We have previously published the miRNA expression profiles of human atherosclerotic plaques from peripheral arteries (carotid, femoral, and abdominal aorta) in comparison to LITAs (4). We found that miR-21, -34a, -146a, -146b-5p, and -210 were the most upregulated miRNAs in atherosclerotic plaques in comparison to LITAs. We also found several predicted targets of these miRNAs to be downregulated in plaques, connecting them to the morphology, phenotype, and proliferation of VSMC as well as HDL and LDL metabolism.

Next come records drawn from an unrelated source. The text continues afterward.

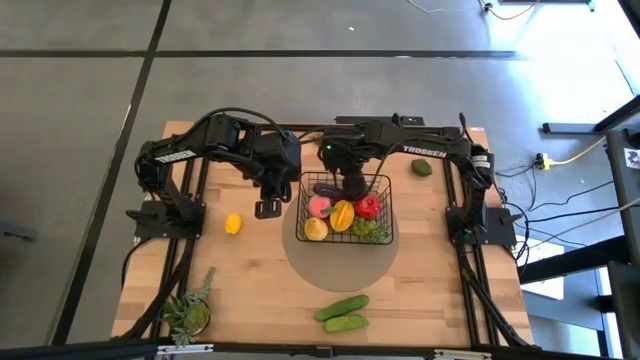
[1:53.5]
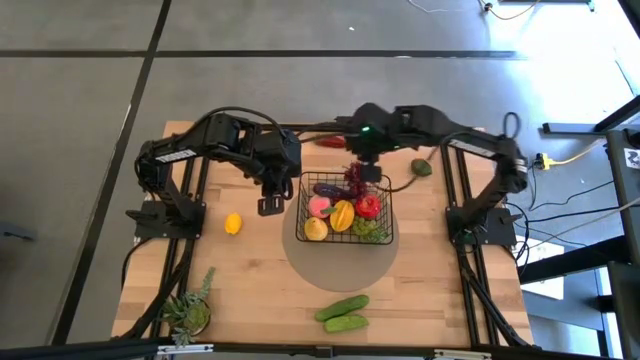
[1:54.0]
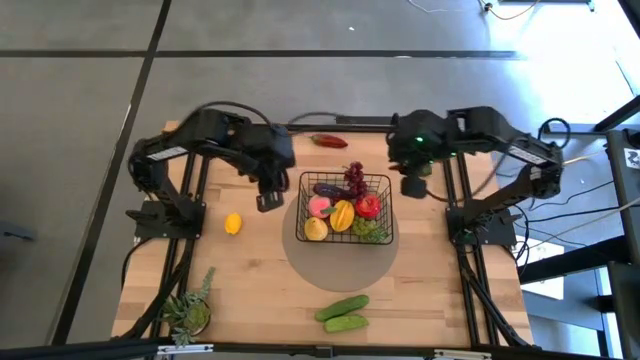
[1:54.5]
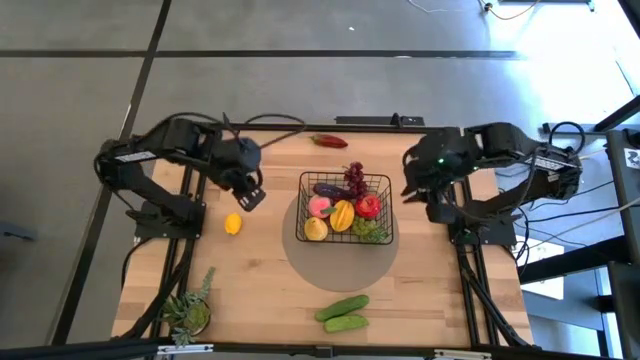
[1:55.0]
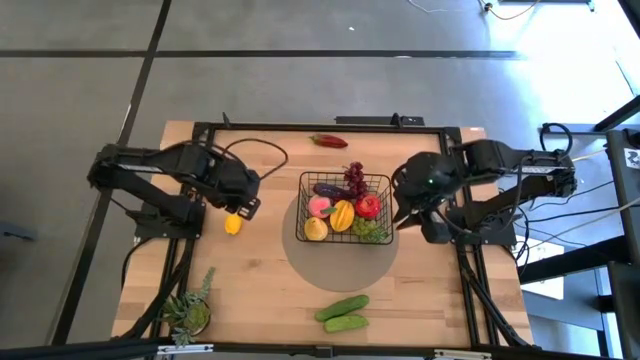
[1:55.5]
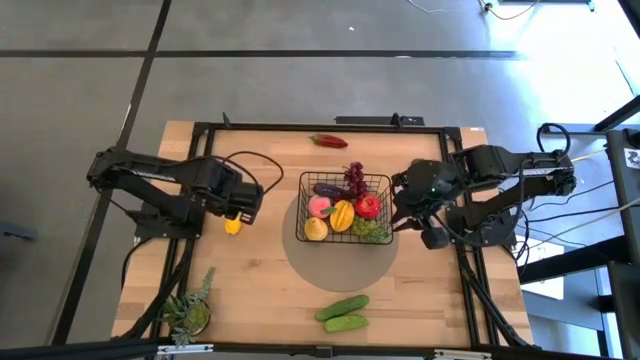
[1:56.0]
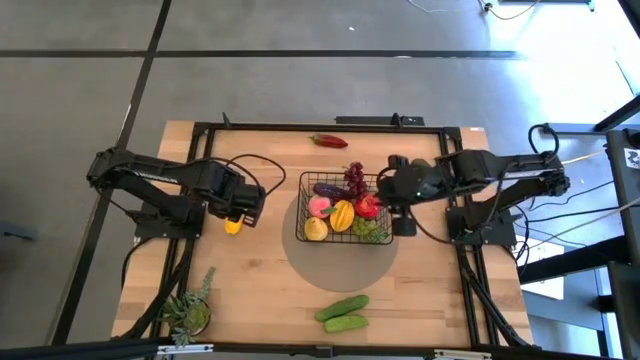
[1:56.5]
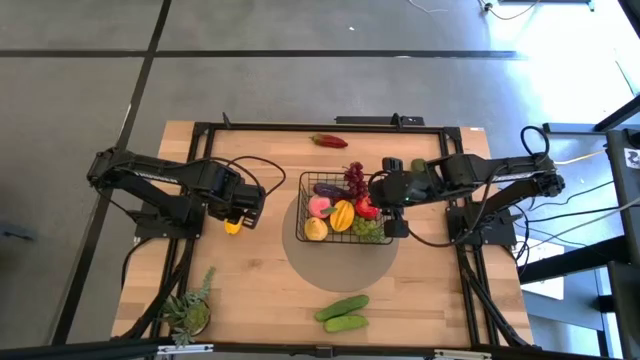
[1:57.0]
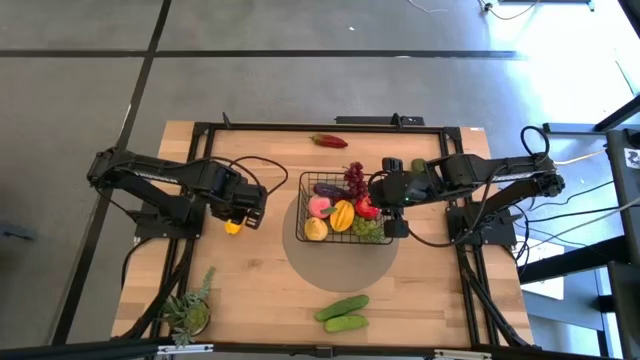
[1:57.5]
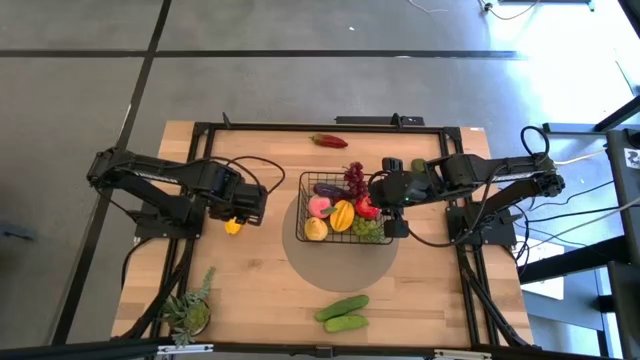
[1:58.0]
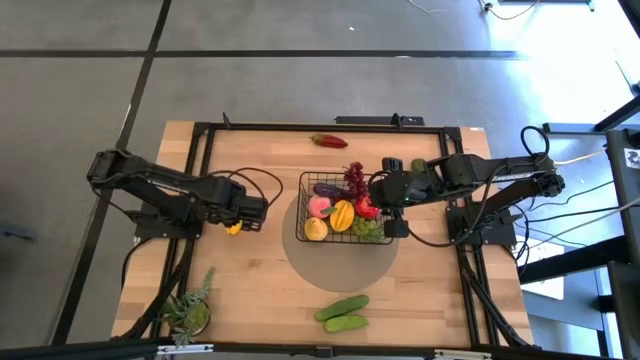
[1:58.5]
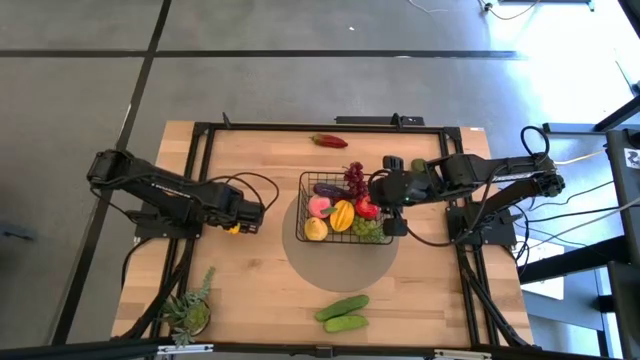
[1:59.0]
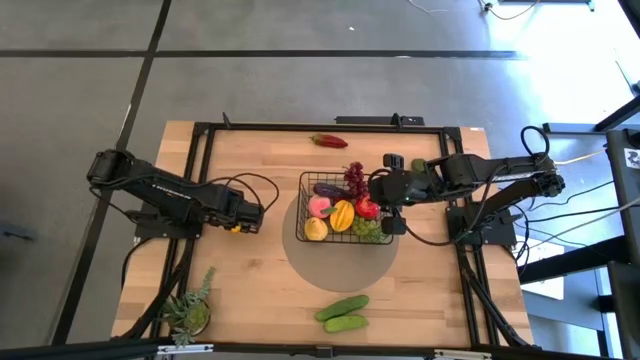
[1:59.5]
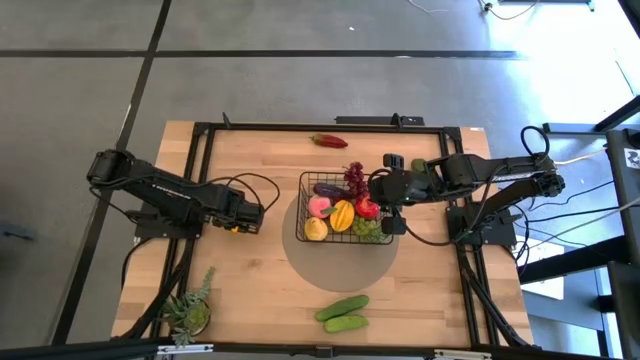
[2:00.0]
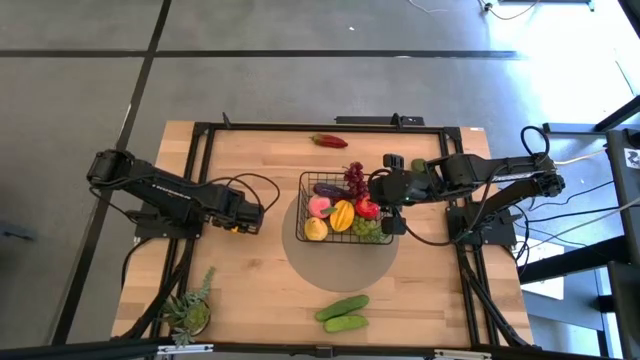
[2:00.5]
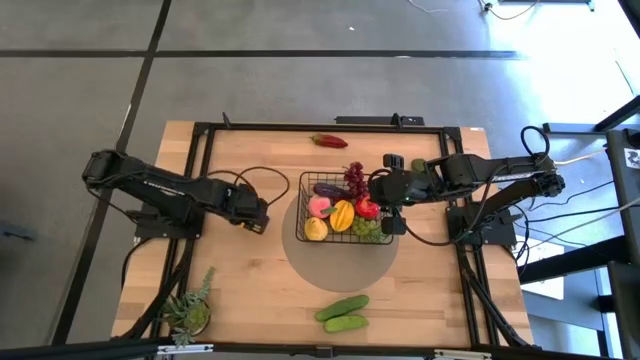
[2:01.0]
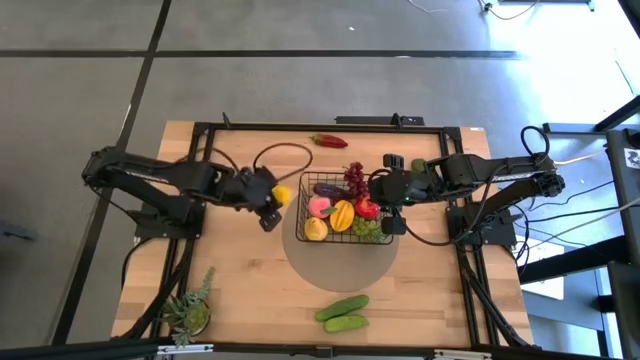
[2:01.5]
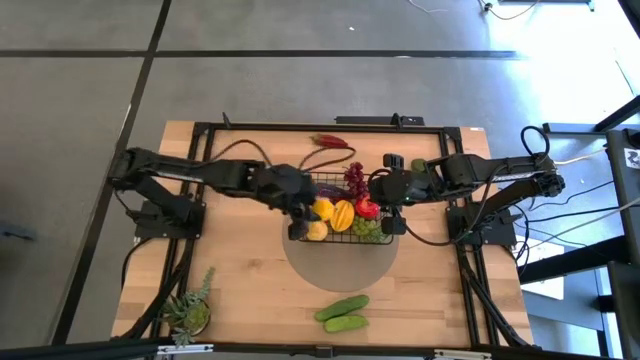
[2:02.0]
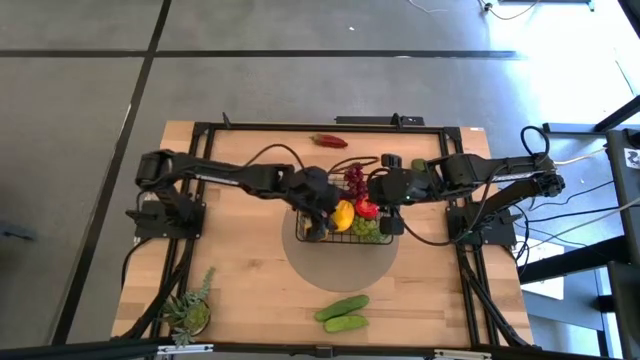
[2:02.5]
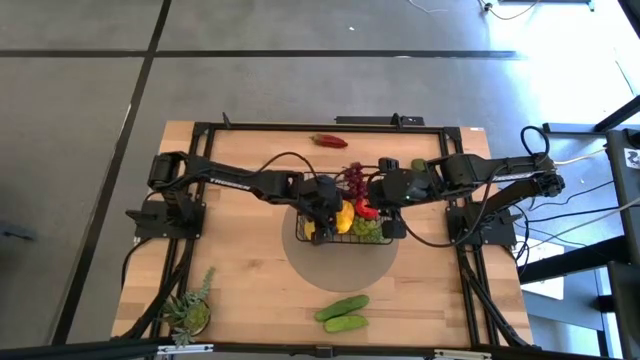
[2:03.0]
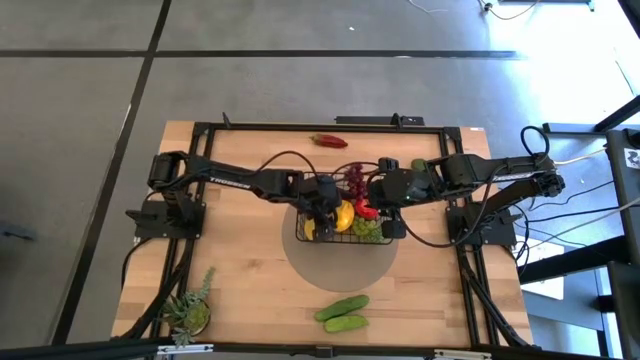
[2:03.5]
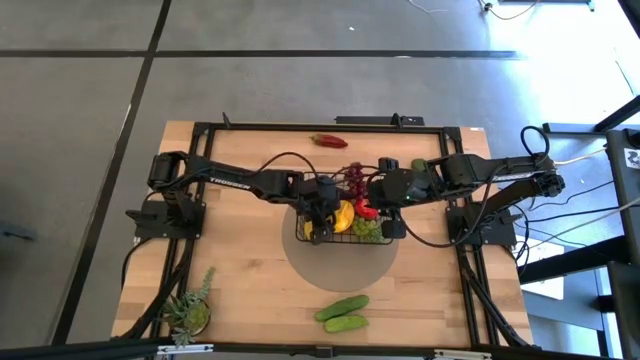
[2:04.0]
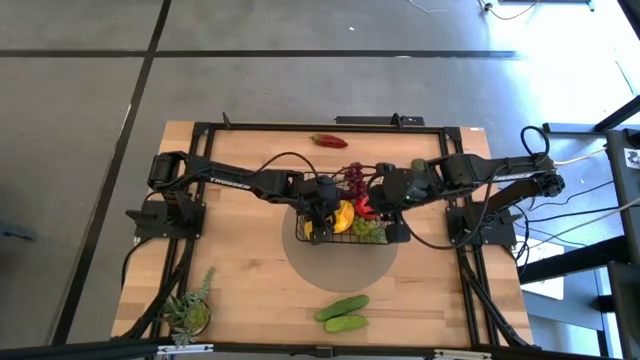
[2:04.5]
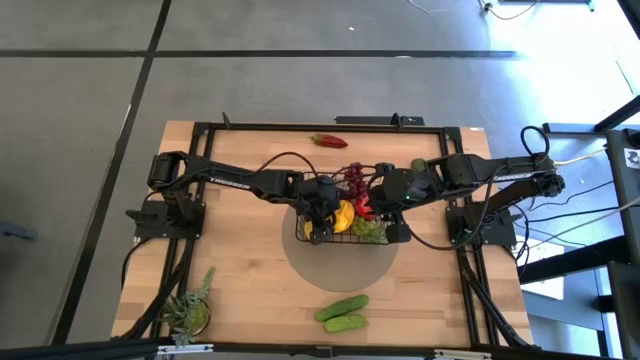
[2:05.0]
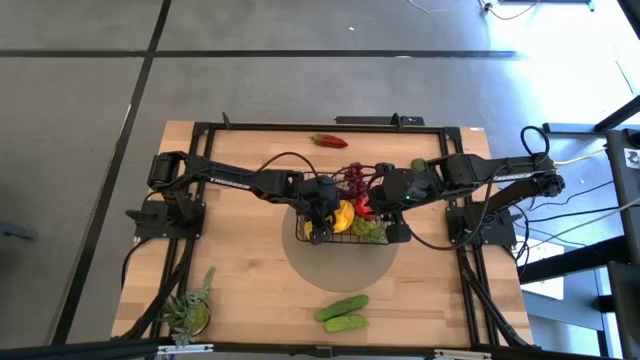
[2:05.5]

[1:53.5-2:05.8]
Task: Build produce basket
Put the yellow lemon into the black wire basket

Further utilizing our miRNA profiling from the peripheral atherosclerotic plaques in comparison to healthy LITAs, we have analyzed the expressions of the miRNAs presented in this review (Table 1). This analysis shows that several miRNAs previously found to be expressed differently in the blood fractions of CAD patients vs non-CAD individuals also demonstrate similar expression differences in atherosclerotic plaques in at least one vascular bed compared with a healthy arterial wall (miR-126, -134, -145, -146a, -198, -210, -340*, and -92a). Moreover, several miRNAs that have been connected to atherosclerosis by cell culture experiments have been found to be expressed in a similar pattern in the plaque, as predicted by these experiments. For example, those miRNAs that have been shown to have an increased expression in the development of monocytes to macrophages and foam cells were often upregulated in the plaque (miR-146a, -146b-5p, -155, -21), and several miRNAs indicated in the contractive phenotype of VSMCs were also down-regulated (miR-10a, -133, -145), whereas those connected to the secreting phenotype were upregulated in the plaque tissue compared with healthy arteries (miR-146a, -21, -221). The complexity of the atherosclerotic plaque composition and formation process and the multiple roles of miRNAs in tissue may partly explain why this kind of clear connection cannot be seen with all the miRNAs.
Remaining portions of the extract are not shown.